After that, it was off to Harajuku for shoe shopping. It was downpouring and we managed to get turned around in the train station, but a nice guy helped us get pointed in the right direction. In Harajuku we found the Onitsuka Tiger "Made in Nippon" store Stella and I had wanted to check out, and she got a new pair of shoes. Then we swung by a new mall with a fancy broken glass facade.
Another long-haul ride down the Ginza line brought us back to our room where we hung out for an hour or two before heading to the Skytree for our reserved visit.
It had been raining off and on, and overcast when it wasn't raining, so I was worried about what sort of view we'd actually get. Looking at the Skytree from our hotel window, there were several points where the observation decks were encased in clouds. But thankfully, when we got up to the first observation deck (at 350 meters) the clouds were just above us and we were treated to an amazing twilight view of Tokyo, even if the ominous skies gave it a slight Bladerunner feel (which wasn't a bad thing, honestly).

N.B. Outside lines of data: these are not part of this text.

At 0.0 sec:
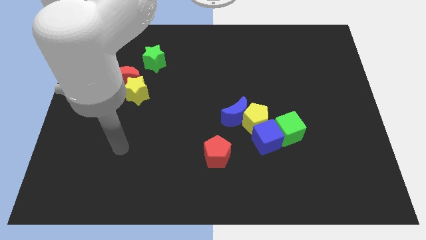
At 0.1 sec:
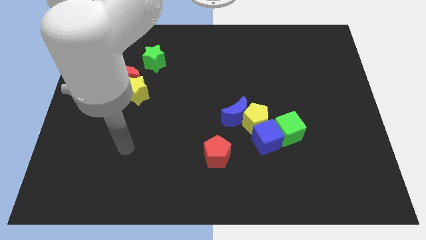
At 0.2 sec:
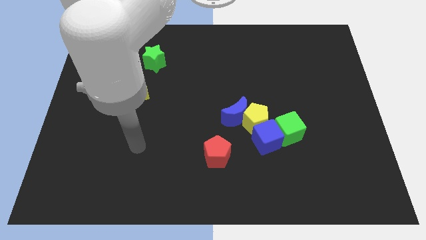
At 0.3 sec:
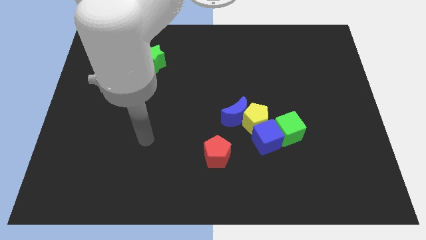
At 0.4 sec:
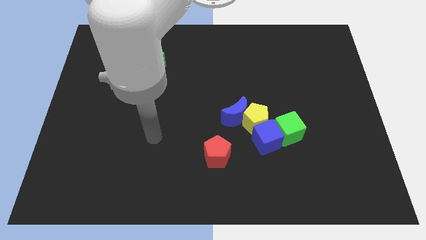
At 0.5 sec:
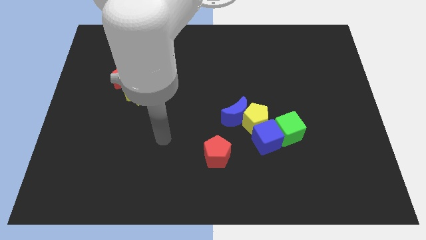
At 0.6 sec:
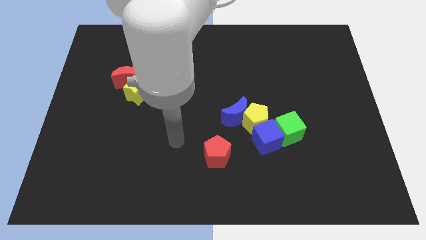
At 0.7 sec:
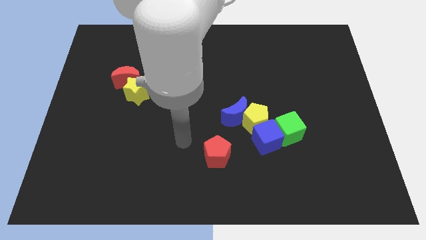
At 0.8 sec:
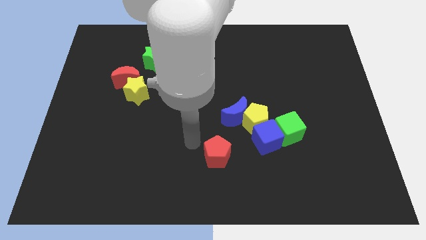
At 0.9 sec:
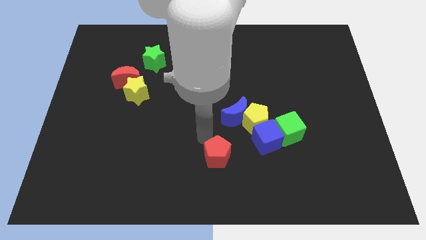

After some drama involving the fact that my ticket had apparently fallen out of my pocket and I needed to buy a new ticket to the upper deck, we took another elevator up to the top observation deck. This one was *right* at the cloud level, with sometimes the view obscured completely and then a moment later the clouds parting to reveal Tokyo in its nighttime glory.
Headed down, we ended up just doing mediocre ramen in the Skytree's food court, before heading back to our room.